University Hosts

University Hosts “Post-election Check In”

Counseling and Psychological Services, Professors United for Safe Haven (PUSH), and the Intercultural Center teamed to host a virtual post-election community discussion via Zoom on Friday, Nov. 6.

Coordinated by Chris McKittrick, Ph.D. Assistant Director of Counseling and Psychological Services; Zaneta Rago-Craft, Ph.D. Director of the Intercultural Center; and Amanda Stojanov, PUSH Faculty Organizer and Assistant Professor of Digital Media, the meeting posed questions on the current political climate surrounding the presidential election and its impact on the Monmouth community.

McKittrick emphasized basic guidelines to establish the mood of the discussion before bringing up topics. “This is a safe space for all,” McKittrick said. “A place where everyone can voice their opinions without fear of ridicule or criticism.” McKittrick also challenged those present to “…go outside [their] comfort zones because all feelings are valid.”

Rago-Craft mirrored McKittrick’s sentiments by asking attendees to listen with the desire to understand, rather than listening to simply respond.

“If an individual is to challenge someone else’s views during the meeting, [I ask that] that he/she challenges with care and respect,” Rago-Craft said.

The first discussion topic asked the attendees to       compare their feelings a month ago to the present day. Many participant voiced their discontent and anxiousness for not only the results of the election, but also how the outcome will influence American morale. One participant stated, “I am fearful for myself, my family, and my friends regardless of the outcome; this is not a fear that will dissipate even after the election.” McKittrick responded by acknowledging that “… most of our expectations will not be met, no matter where you politically stand.”

The next few discussion topics focused on the present condition of the community. Rago-Craft asked attendees their methods of taking care of themselves amidst such a stressful time. For a few, the act of unplugging from social media and other news outlets helped relieve some of the constant worry. Others attendees felt more at ease when they reached out to friends and family to “process the information together,” explained one participant.
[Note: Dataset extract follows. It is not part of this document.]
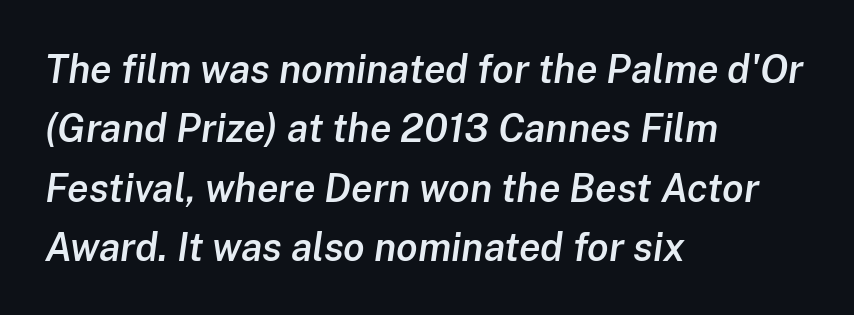
The image shows 39 px semibold type, italic (leaning right); set left-aligned, normal line spacing (1.52x), normal letter spacing, not underlined; low stroke contrast and a medium x-height.
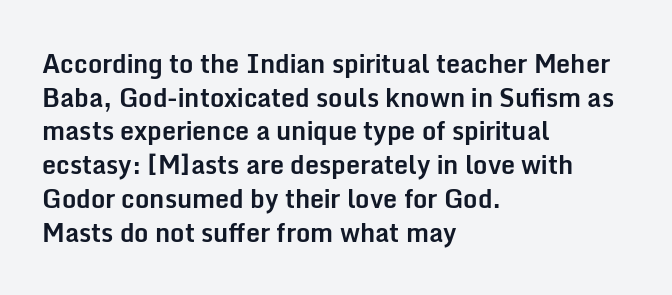
{"italic": "no", "bold": "yes", "underline": "no", "align": "left", "line_spacing": "normal", "line_spacing_ratio": 1.35, "letter_spacing": "normal", "letter_spacing_em": 0.0, "glyph_px": 25}

“There is a silver-lining to every bleak situation,” Rago-Craft said. “The civic turnout and engagement as a result of this election is outstanding.”

The following question asked the ways attendees’ cared for those within their own circles. “I did my best this past week to relieve my students of unnecessary classwork,” a faculty member stated, recognizing how the election may personally affect her students. Other attendees stated that checking in on others was helpful for their own well-being.

“Checking in on people whose voices are not necessarily heard on a macro level allow us to take personal anxious energy and make it productive,” McKittrick said.

Leading up to the end of the discussion, Rago-Craft asked the group “what they need right now.” “I need a break from technology;” Stojanov replied. This sentiment was shared by a majority of the attendees, as participants compared what they needed to what they were actually doing.

To conclude the meeting, Rago-Craft urged the attendees to reflect and contemplate on one last question: “Regardless of who wins or has won the election, what will I do, and who will I be, relating to my relationship with others?”